Schrodinger’s Cat in Athens

By Marc Chandler

The Austrian physicist Erwin Schrodinger offered a thought experiment to illustrate the incompleteness of the Copenhagen interpretation of quantum mechanics and sub-atomic particles in 1935. In the experiment, Schrodinger’s cat is placed in a box with a device that is triggered by a single particle’s behavior. If activated, the device kills the cat, but quantum theory holds that the particle’s behavior is indeterminate until it is observed, which is when its “probability wave” collapses. The cat then can be considered both alive and dead at the same time until the box is opened and the cat observed.

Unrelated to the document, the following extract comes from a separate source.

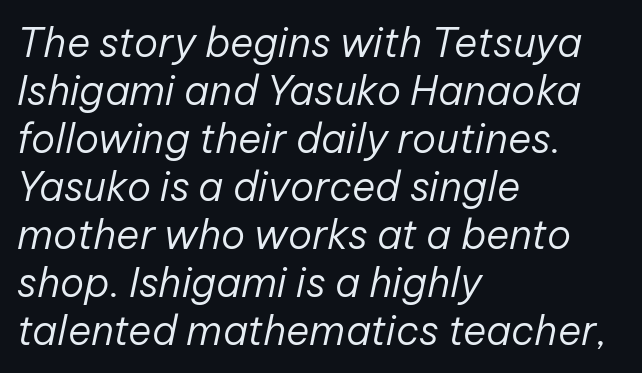
The face used here is proportionally spaced, like ordinary book or web type. If you drew a ruler down the left edge, every line would touch it. Bold? No — there's no thickening of the strokes. It's the slanting kind of type. Check the space under the baseline: it is left empty.

Does this not capture the essence of Greece?

When the Socialists were swept into power in late 2009, the dire condition of state finances were observed and thereby triggering a debt crisis that remains unresolved at this late date. That said, reports suggest that some European officials knew or should have known the state of Greek finances prior to the election. Perhaps, like Schrodinger’s thought experiment, it matters who is observing the cat.

In any event, the probability wave has collapsed and Greece is on the precipice of failure. The economy is entering its fifth year of contraction. Its economy now is back to the size of five or six years ago, while its debt is significantly higher.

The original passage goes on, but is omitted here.